| Task to complete |
Starting with the opening line of the entries below, transcribe each line exactly up to and including the one that has "གཞལ་ཡས་ཁང་རྩིགས་པ་དང་། འདོད་སྣམ། ཕ་གུ།"; pictures are not copied.

(Items from a dataset)
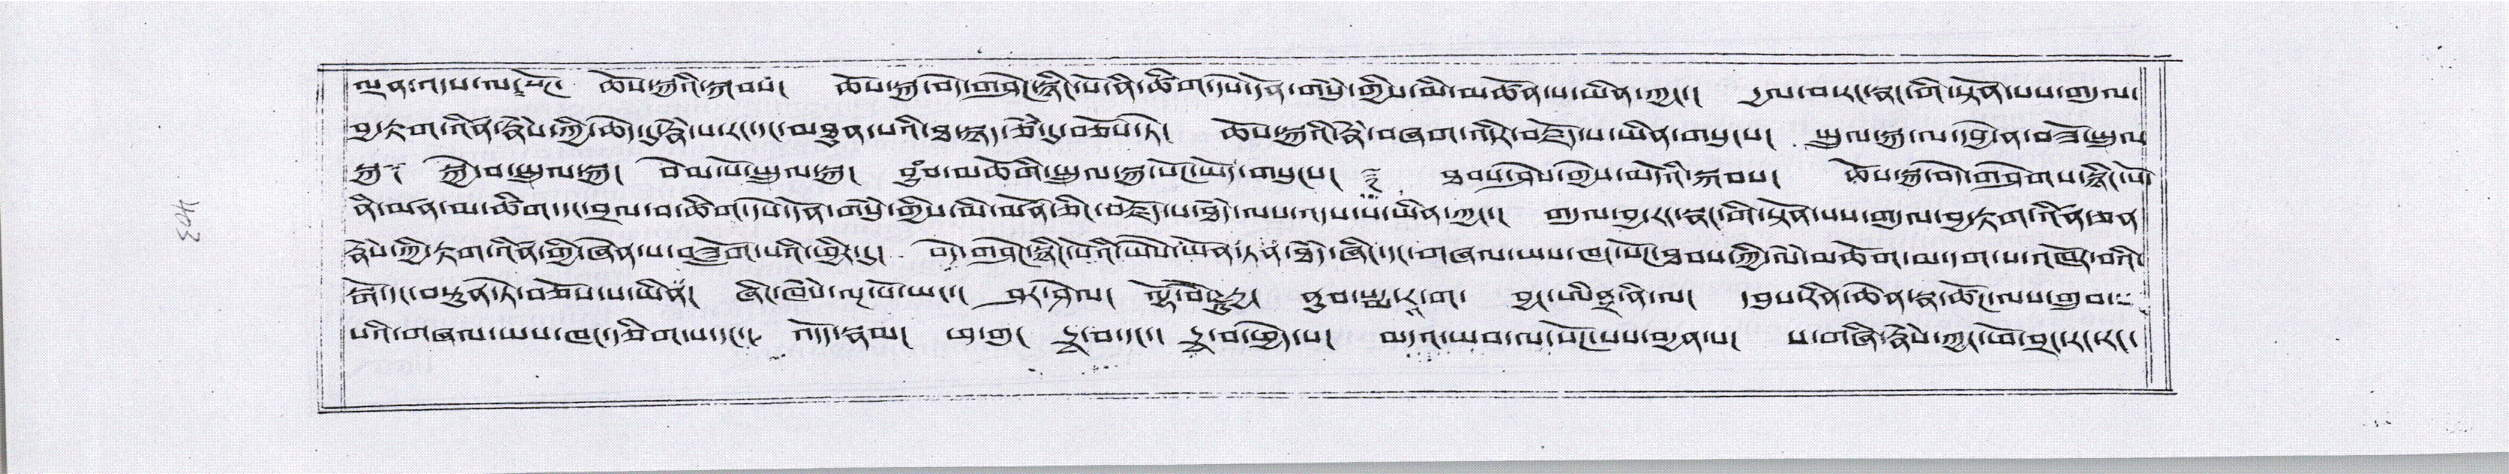ལྡན་འདས་ལ་སོགས། ཆོས་སྐུའི་སྐབས། ཆོས་སྐུ་བདེར་གཤེགས་སྙིང་པོ་ནི་ཚིག་དཔེ་དོན་གསུམ་གྱིས་མི་མཚོན་པ་ཡིན་ཀྱང་། རྒྱལ་བ་རང་སྣང་གི་སྟོན་པས་གདུལ་
བྱ་རྟག་འཛིན་ཅན་རྣམས་ཀྱི་ཆེད་དུ་རྣམ་པ་རང་དང་མཐུན་པའི་ཐ་སྙད་ཙམ་དུ་བཅོས་ཏེ། ཆོས་སྐུའི་རྣམ་གཞག་འདིར་བརྗོད་པ་ཡིན་གསུངས། སྤྲུལ་སྐུ་ལ་དབྱེ་ན་བཟོ་བོ་སྤྲུལ་
སྐུ། སྐྱེ་བ་སྤྲུལ་སྐུ། བེམ་པོ་སྤྲུལ་སྐུ། བྱང་ཆུབ་མཆོག་གི་སྤྲུལ་སྐུ་སོགས་ཡོད་གསུངས། ཐབས་ཤེས་ཀྱིས་མདོ་ཡི་སྐབས། ཆོས་སྐུ་བདེར་གཤེགས་སྙིང་པོ་
ནི་མཚན་མ་ཚིག་དང་བྲལ་བ་ཚིག་དཔེ་དོན་གསུམ་གྱིས་མི་མཚོན་ཅིང་བརྗོད་པ་ཐམས་ཅད་ལས་འདས་པ་ཡིན་ཀྱང་། གདུལ་བྱ་རང་སྣང་གི་སྟོན་པས་གདུལ་བྱ་རྟག་འཛིན་ཅན་
རྣམས་ཀྱི་རྟག་འཛིན་གྱི་ཞེན་པ་བཟློག་པའི་ཕྱིར་དུ། བདེར་གཤེགས་སྙིང་པོའི་ཡེ་ཤེས་ཡོན་ཏན་ཐམས་ཅད་ཞིང་དང་གཞལ་ཡས་ཁང་སོགས་ཐབས་ཀྱི་ལམ་མཆོག་མ་དག་པ་འཁོར་བའི་
སྒོ་དང་བསྟུན་ཏེ་བཅོས་པ་ཡིན། ཞིང་ཁམས་ལྔ་པོ་ཡང་། ཤར་ཤེལ། ལྷོ་བཱཻཌཱུརྱ། ནུབ་པདྨ་ར་ག བྱང་ཨིནྜ་ནི་ལ། དབུས་རིན་ཆེན་སྣ་ཚོགས་ལས་གྲུབ་པའི་
གཞལ་ཡས་ཁང་རྩིགས་པ་དང་། འདོད་སྣམ། ཕ་གུ། དྲྭ་བ་དང་དྲྭ་བ་ཕྱེད་པ། མདའ་ཡབ་ལ་སོགས་པས་བརྒྱན་པ། ས་གཞི་རྣམས་ཀྱང་ཕོ་བྲང་རང་རང་
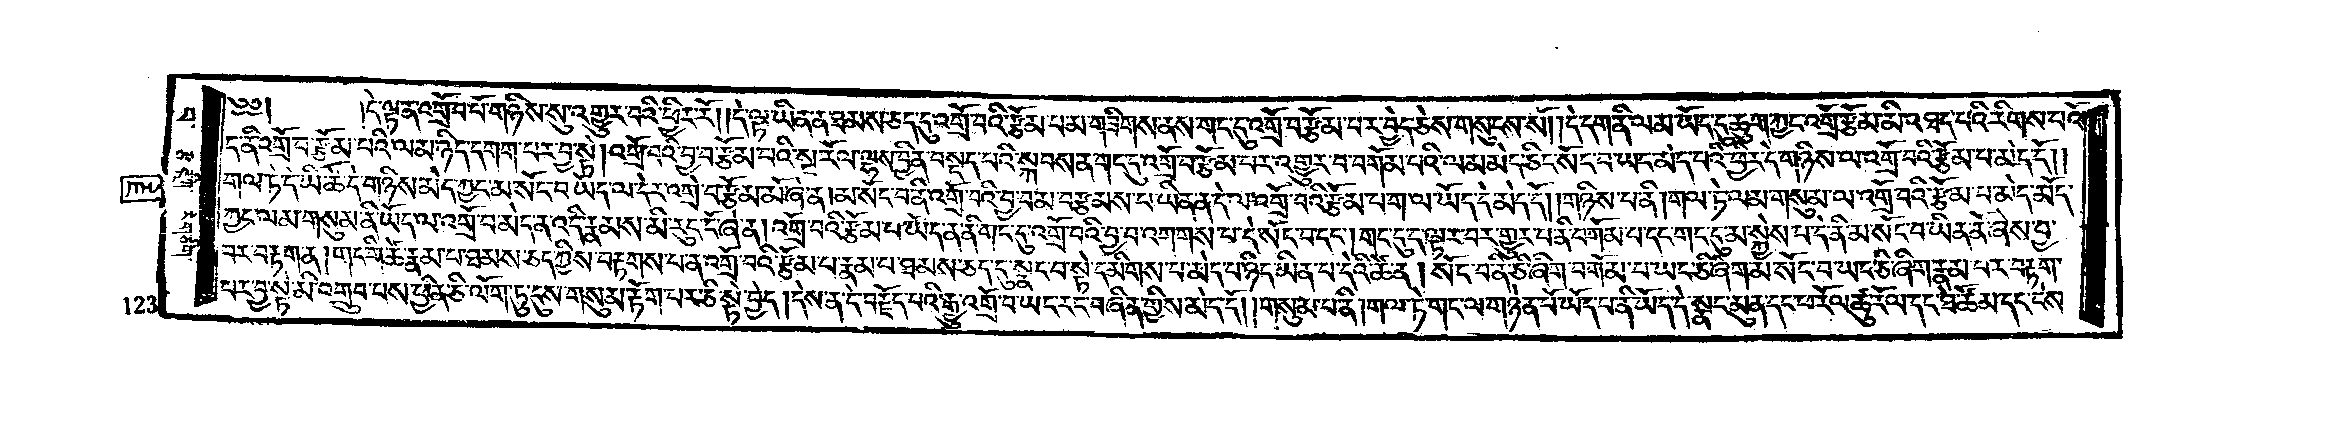༄༅། །དེ་ལྟ་ན་འགྲོ་བ་པོ་གཉིས་སུ་འགྱུར་བའི་ཕྱིར་རོ། །དེ་ལྟ་ཡིན་ན་ཐམས་ཅད་དུ་འགྲོ་བའི་རྩོམ་པ་མ་གཟིགས་ནས་གང་དུ་འགྲོ་བ་རྩོམ་པར་བྱེད་ཅེས་གསུངས་སོ། །དེ་དག་ནི་ལམ་ཡོད་དུ་ཆུག་ཀྱང་འགྲོ་རྩོམ་མི་འཐད་པའི་རིགས་པའོ་
ད་ནི་འགྲོ་བ་རྩོམ་པའི་ལམ་ཉིད་དགག་པར་བྱ་སྟེ། འགྲོ་བའི་བྱ་བ་རྩོམ་པའི་སྔ་རོལ་ལྷས་བྱིན་བསྡད་པའི་སྐབས་ན་གང་དུ་འགྲོ་བ་རྩོམ་པར་འགྱུར་བ་བགོམ་པའི་ལམ་མེད་ཅིང་སོང་བ་ཡང་མེད་པའི་ཕྱིར་དེ་གཉིས་ལ་འགྲོ་བའི་རྩོམ་པ་མེད་དོ། །
གལ་ཏེ་དེ་ཡི་ཚེ་དེ་གཉིས་མེད་ཀྱང་མ་སོང་བ་ཡོད་ལ་དེར་འགྲོ་བ་རྩོམ་མོ་ཞེ་ན། མ་སོང་བ་ནི་འགྲོ་བའི་བྱ་བ་བརྩམས་པ་ཡིན་ན་དེ་ལ་འགྲོ་བའི་རྩོམ་པ་ག་ལ་ཡོད་དེ་མེད་དོ། །གཉིས་པ་ནི། གལ་ཏེ་ལམ་གསུམ་ལ་འགྲོ་བའི་རྩོམ་པ་མེད་མོད་
ཀྱང་ལམ་གསུམ་ནི་ཡོད་ལ་འགྲོ་བ་མེད་ན་འདི་རྣམས་མི་རུང་ངོ་ཞེ་ན། འགྲོ་བའི་རྩོམ་པ་ཡོད་ན་ནི་གང་དུ་འགྲོ་བའི་བྱ་བ་འགགས་པ་དེ་སོང་བ་དང་། གང་དུ་ད་ལྟར་བར་གྱུར་པ་ནི་བགོམ་པ་དང་གང་དུ་མ་སྐྱེས་པ་དེ་ནི་མ་སོང་བ་ཡིན་ནོ་ཞེས་བྱ་
བར་བརྟག་ན། གང་གི་ཚེ་རྣམ་པ་ཐམས་ཅད་ཀྱིས་བཏགས་པ་ན་འགྲོ་བའི་རྩོམ་པ་རྣམ་པ་ཐམས་ཅད་དུ་སྣང་བ་སྟེ་དམིགས་པ་མེད་པ་ཉིད་ཡིན་པ་དེའི་ཚེ་ན། སོང་བ་ནི་ཅི་ཞིག་བགོམ་པ་ཡང་ཅི་ཞིག་མ་སོང་བ་ཡང་ཅི་ཞིག་རྣམ་པར་བརྟག་
པར་བྱ་སྟེ་མི་འགྲུབ་པས་ཕྱིན་ཅི་ལོག་ཏུ་དུས་གསུམ་རྟོག་པར་ཅི་སྟེ་བྱེད། དེས་ན་དེ་བརྗོད་པའི་རྒྱུ་འགྲོ་བ་ཡང་རང་བཞིན་གྱིས་མེད་དོ། །གསུམ་པ་ནི། གལ་ཏེ་གང་ལ་གཉེན་པོ་ཡོད་པ་ནི་ཡོད་དེ་སྣང་མུན་དང་ཕ་རོལ་ཚུ་རོལ་དང་ཐེ་ཚོམ་དང་ངེས་
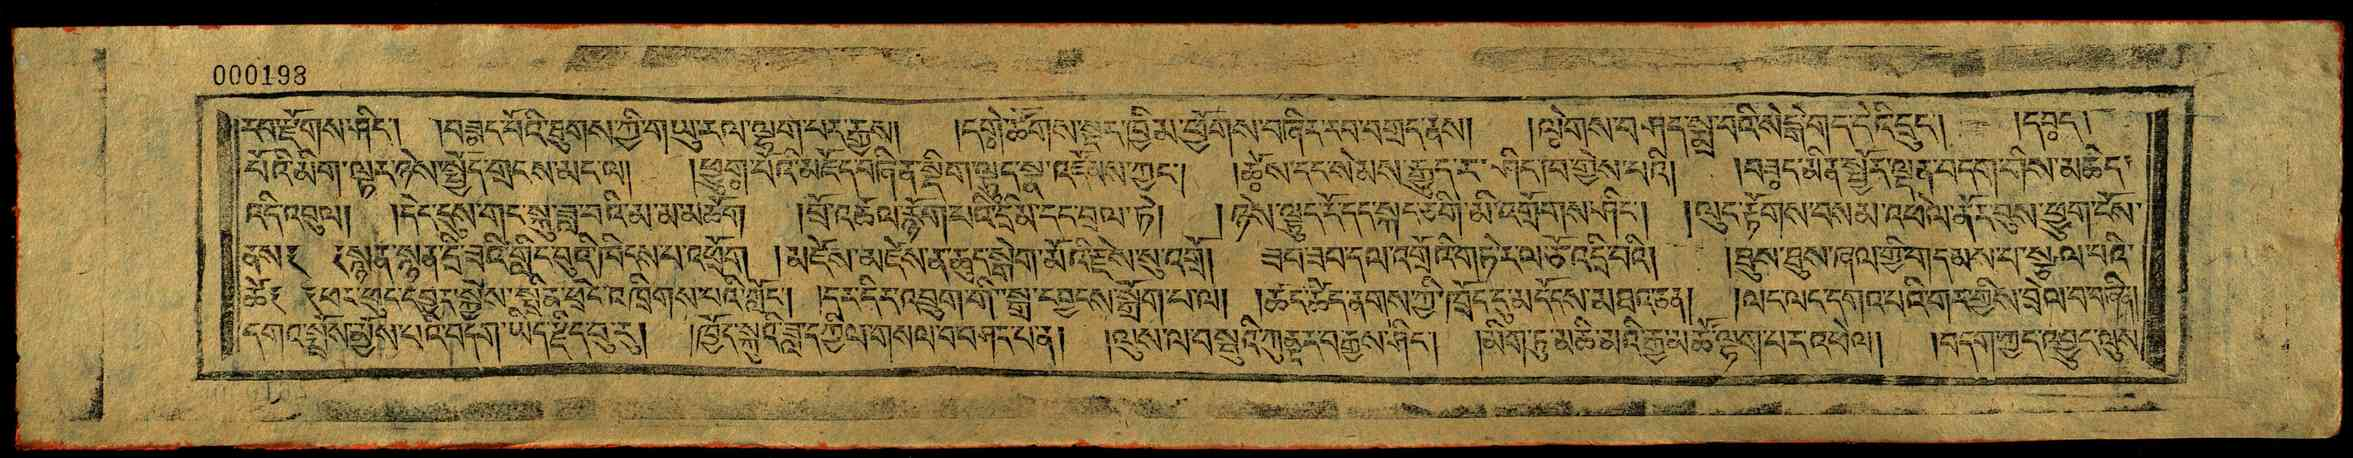རབ་རྫོགས་ཤིང་། །བཟ྾ཨང་པོའི་ཐུགས་ཀྱི་གཡུ་རལ་ལྷག་པར་རྒྱས། །དགྱེས་ཚོགས་སྔར་ཁྱིམ་ཕྱོགས་བཞིར་རབ་བགྲང་ནས། །ལ྾ཨེགས་བཤད་སྨྲ་བའི་སེངྒེ་གང་དེའི་དྲུང་། །དཔུང་
པོའི་མིག་ལྟར་ཉེས་སྤྱོད་གྲངས་མང་ལ། །ཕྱུག་པོའི་མཛོད་བཞིན་སྡིག་ལྟུང་སྣ་འཛོམས་ཀྱང་། །ཚེས་དང་སེམས་ཀྱང་ར་ཤིང་ཁ་གྱེས་པའི། །བཟང་མིན་སྦྱོང་ལྡན་བདག་གིས་མཆིད་
འདི་འབུལ། །དེང་དུས་གང་སྐུ་ཟླ་བའི་མ་མ་མཆོག །བྲོ་འཚལ་རྙོག་པའི་དྲི་མ་དང་བྲལ་ཏེ། །ཉེས་ལྟུང་རོ་དང་སྐད་ཅིག་མི་འགྲོགས་ཞིང་། །ལུང་རྟོགས་བསམ་འཕེལ་ནོར་བུས་ཕྱུག་པོས་
ནུས༑ ༑སྙན་སྙན་དྲི་ཟའི་གླིང་བུའི་ཁེངས་པ་འཕྲོག །མཛེས་མཛེས་ན་ཆུང་སྒེག་མོའི་རྗེས་སུ་འགྲོ། ཟབ་ཟབ་དལ་འགྲོའི་གཏེར་ལ་ཅོ་འདྲི་བའི། །ཐུས་ཐུས་ཞལ་གྱི་གདམས་པ་སྩེལ་བའི་
ཚེ༑ ༑ཕང་ཕུང་དབྱར་སྐྱེས་སྤྲིན་ཕྲེང་འཁྲིགས་པའི་ཀློང་། །དར་དིར་འབྲུག་གི་སྒྲ་དབྱངས་སྒྲོག་པ་ལ། །ཚང་ཚིང་ནགས་ཀྱི་ཁྲོད་དུ་མདངས་མཐའ་ཅན། །ལང་ལང་དགའ་བའི་གར་གྱིས་བྲེལ་བ་བཞི་
དགའ་སྤྲོས་མྱོས་པའི་བདག་ཡིད་རྫིང་བུ་རུ། །ཁྱེད་སྐུའི་ཟླ་དཀྱིལ་གསལ་བར་ཤར་བ་ན། །ལུས་ལ་བ་སྤུའི་ཀུནྜ་རབ་རྒྱས་ཤིང་། །མིག་ཏུ་མཆི་མའི་རྒྱ་མཚོ་ལྷག་པར་འཕེལ། །བདག་ཀྱང་འབྱུང་ལུས་

| Solution to this problem |
ལྡན་འདས་ལ་སོགས། ཆོས་སྐུའི་སྐབས། ཆོས་སྐུ་བདེར་གཤེགས་སྙིང་པོ་ནི་ཚིག་དཔེ་དོན་གསུམ་གྱིས་མི་མཚོན་པ་ཡིན་ཀྱང་། རྒྱལ་བ་རང་སྣང་གི་སྟོན་པས་གདུལ་
བྱ་རྟག་འཛིན་ཅན་རྣམས་ཀྱི་ཆེད་དུ་རྣམ་པ་རང་དང་མཐུན་པའི་ཐ་སྙད་ཙམ་དུ་བཅོས་ཏེ། ཆོས་སྐུའི་རྣམ་གཞག་འདིར་བརྗོད་པ་ཡིན་གསུངས། སྤྲུལ་སྐུ་ལ་དབྱེ་ན་བཟོ་བོ་སྤྲུལ་
སྐུ། སྐྱེ་བ་སྤྲུལ་སྐུ། བེམ་པོ་སྤྲུལ་སྐུ། བྱང་ཆུབ་མཆོག་གི་སྤྲུལ་སྐུ་སོགས་ཡོད་གསུངས། ཐབས་ཤེས་ཀྱིས་མདོ་ཡི་སྐབས། ཆོས་སྐུ་བདེར་གཤེགས་སྙིང་པོ་
ནི་མཚན་མ་ཚིག་དང་བྲལ་བ་ཚིག་དཔེ་དོན་གསུམ་གྱིས་མི་མཚོན་ཅིང་བརྗོད་པ་ཐམས་ཅད་ལས་འདས་པ་ཡིན་ཀྱང་། གདུལ་བྱ་རང་སྣང་གི་སྟོན་པས་གདུལ་བྱ་རྟག་འཛིན་ཅན་
རྣམས་ཀྱི་རྟག་འཛིན་གྱི་ཞེན་པ་བཟློག་པའི་ཕྱིར་དུ། བདེར་གཤེགས་སྙིང་པོའི་ཡེ་ཤེས་ཡོན་ཏན་ཐམས་ཅད་ཞིང་དང་གཞལ་ཡས་ཁང་སོགས་ཐབས་ཀྱི་ལམ་མཆོག་མ་དག་པ་འཁོར་བའི་
སྒོ་དང་བསྟུན་ཏེ་བཅོས་པ་ཡིན། ཞིང་ཁམས་ལྔ་པོ་ཡང་། ཤར་ཤེལ། ལྷོ་བཱཻཌཱུརྱ། ནུབ་པདྨ་ར་ག བྱང་ཨིནྜ་ནི་ལ། དབུས་རིན་ཆེན་སྣ་ཚོགས་ལས་གྲུབ་པའི་
གཞལ་ཡས་ཁང་རྩིགས་པ་དང་། འདོད་སྣམ། ཕ་གུ། དྲྭ་བ་དང་དྲྭ་བ་ཕྱེད་པ། མདའ་ཡབ་ལ་སོགས་པས་བརྒྱན་པ། ས་གཞི་རྣམས་ཀྱང་ཕོ་བྲང་རང་རང་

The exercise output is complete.